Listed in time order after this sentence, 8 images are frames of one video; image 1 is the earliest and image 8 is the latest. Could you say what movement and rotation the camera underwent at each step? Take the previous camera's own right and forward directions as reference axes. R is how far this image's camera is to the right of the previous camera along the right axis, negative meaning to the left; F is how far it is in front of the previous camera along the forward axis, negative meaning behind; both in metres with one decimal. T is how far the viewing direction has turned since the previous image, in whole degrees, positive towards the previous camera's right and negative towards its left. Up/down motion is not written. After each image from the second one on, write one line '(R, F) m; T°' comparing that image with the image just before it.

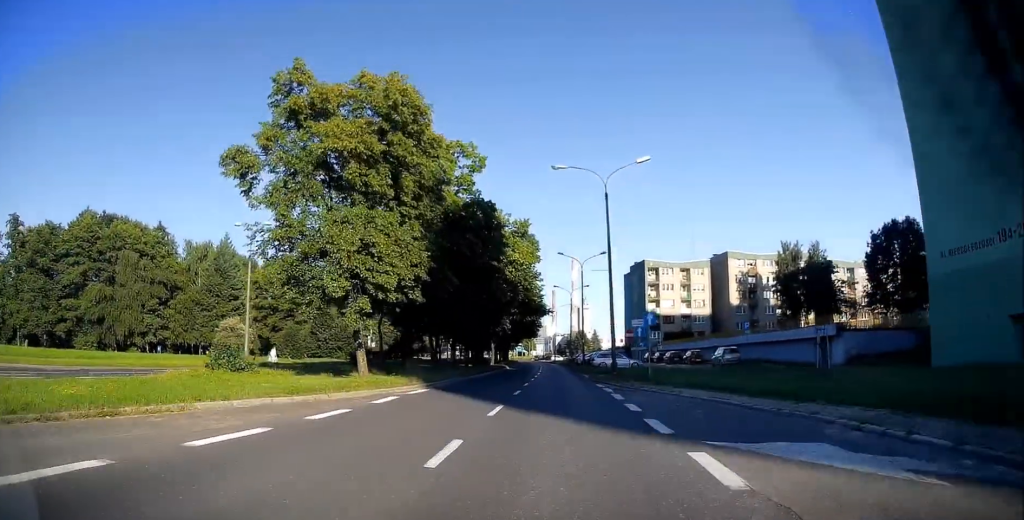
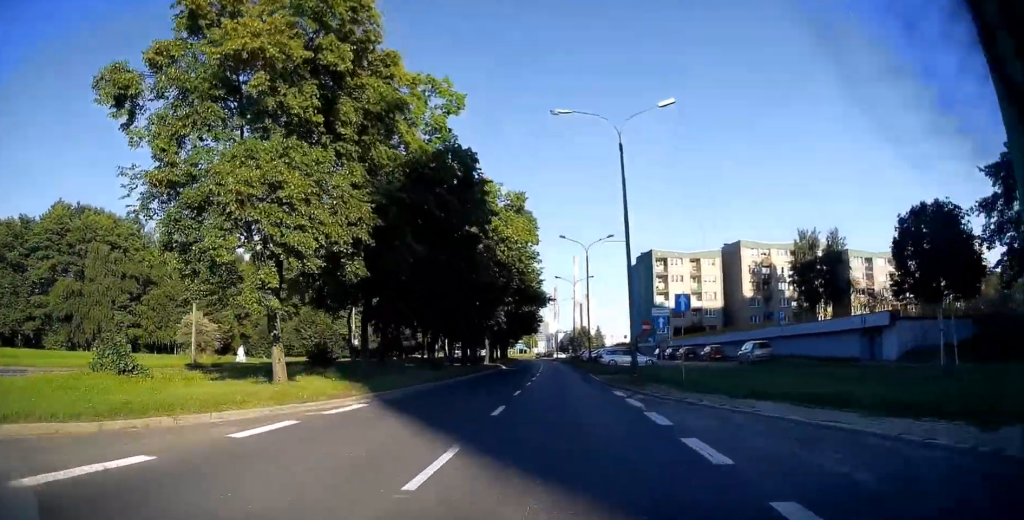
(0.0, +6.5) m; 0°
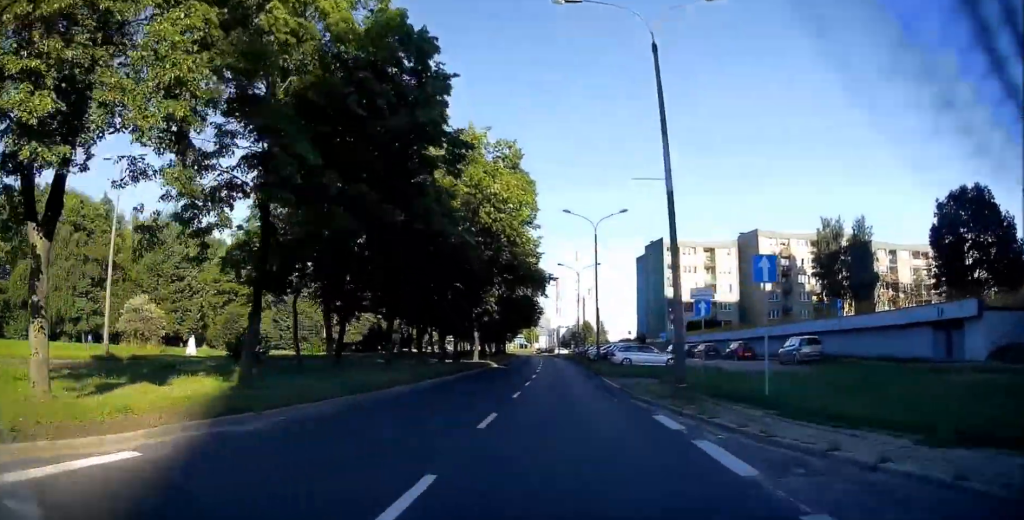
(0.0, +7.4) m; 0°
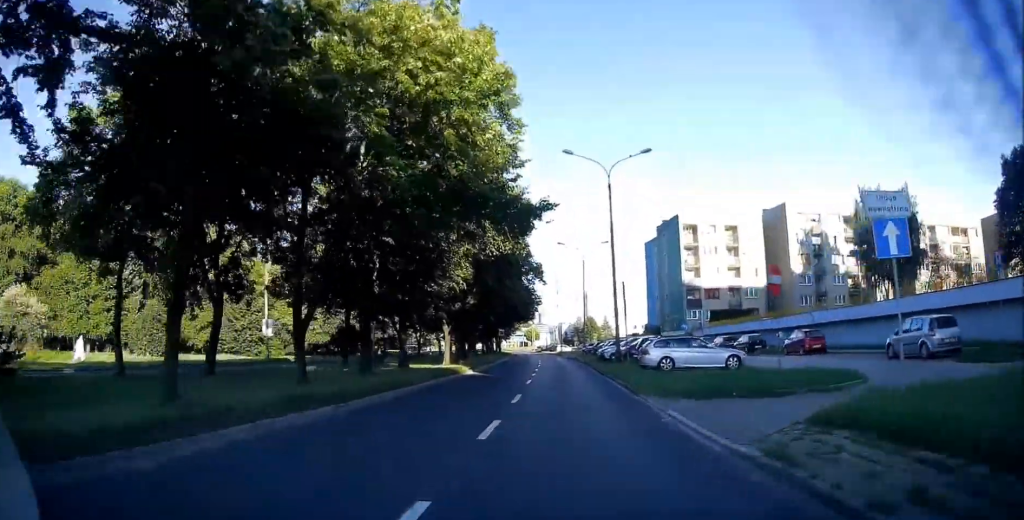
(0.0, +11.9) m; 0°
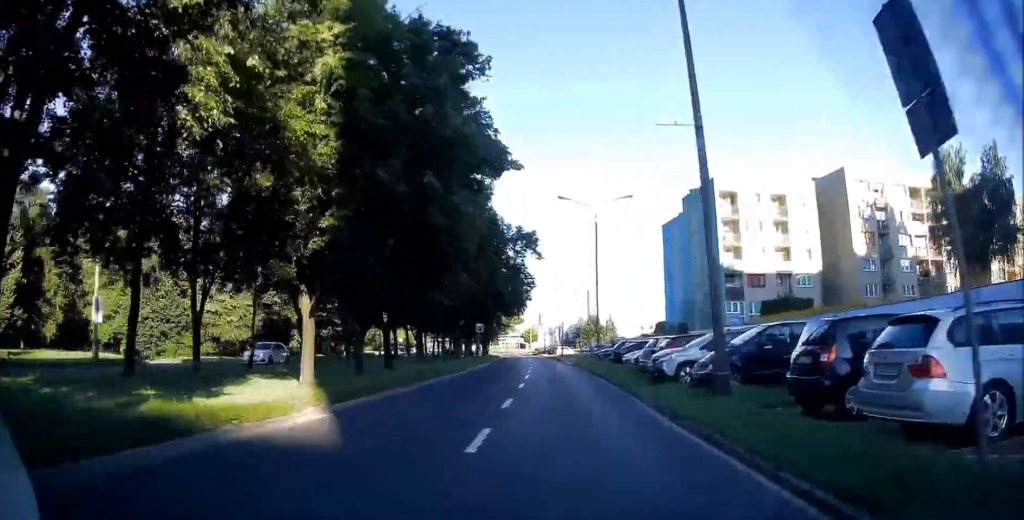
(-0.2, +19.1) m; -1°
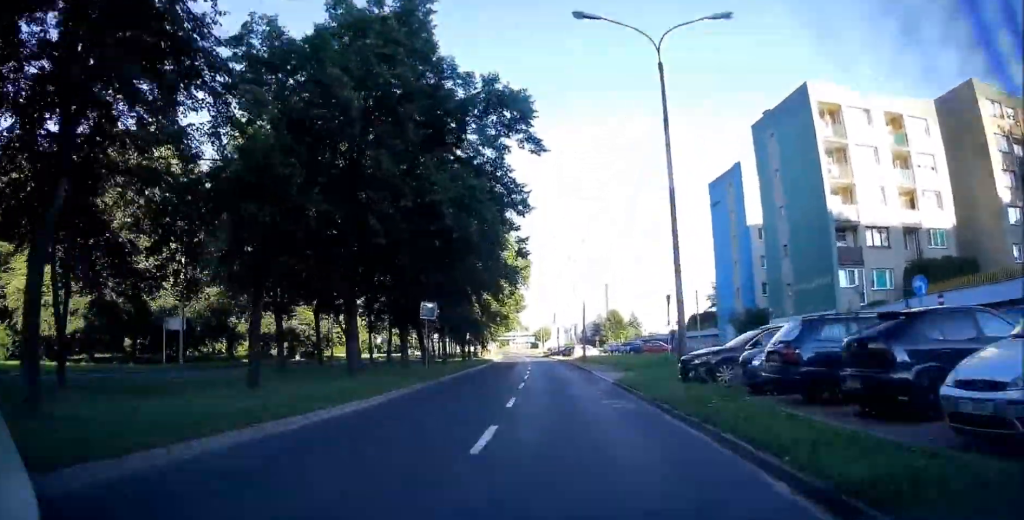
(0.0, +27.0) m; -1°
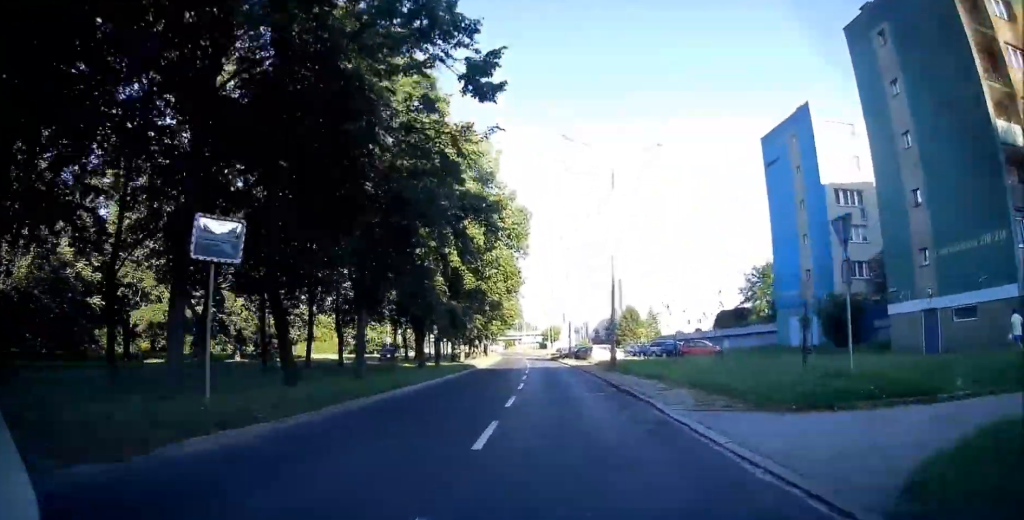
(-0.3, +19.0) m; -1°
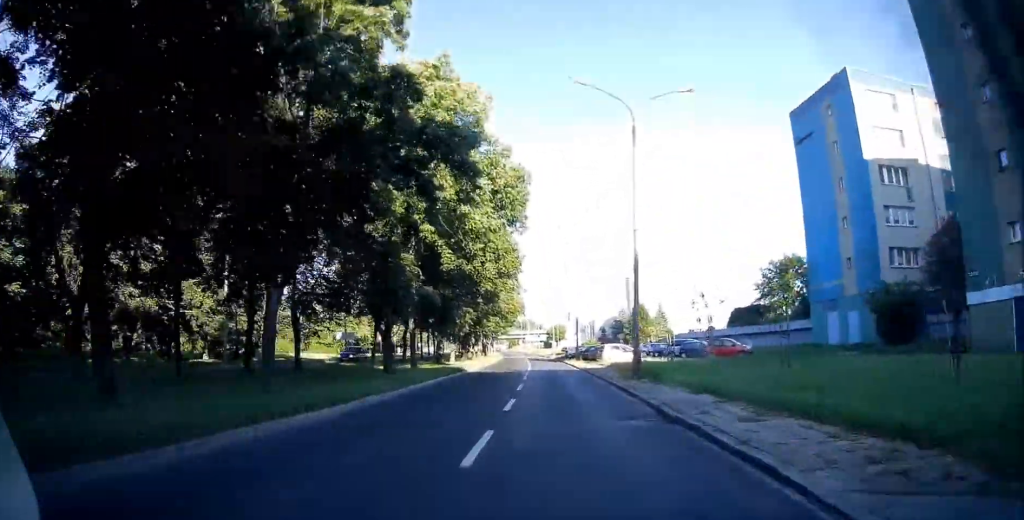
(0.0, +6.5) m; 0°

WHAT YOU ARE ASKED TO DO:
Please give back the material above exactly as written, pictures omitted.

ANSWER SECTION:
Listed in time order after this sentence, 8 images are frames of one video; image 1 is the earliest and image 8 is the latest. Could you say what movement and rotation the camera underwent at each step? Take the previous camera's own right and forward directions as reference axes. R is how far this image's camera is to the right of the previous camera along the right axis, negative meaning to the left; F is how far it is in front of the previous camera along the forward axis, negative meaning behind; both in metres with one decimal. T is how far the viewing direction has turned since the previous image, in whole degrees, positive towards the previous camera's right and negative towards its left. Up/down motion is not written. After each image from the second one on, write one line '(R, F) m; T°' comparing that image with the image just before it.

(0.0, +6.5) m; 0°
(0.0, +7.4) m; 0°
(0.0, +11.9) m; 0°
(-0.2, +19.1) m; -1°
(0.0, +27.0) m; -1°
(-0.3, +19.0) m; -1°
(0.0, +6.5) m; 0°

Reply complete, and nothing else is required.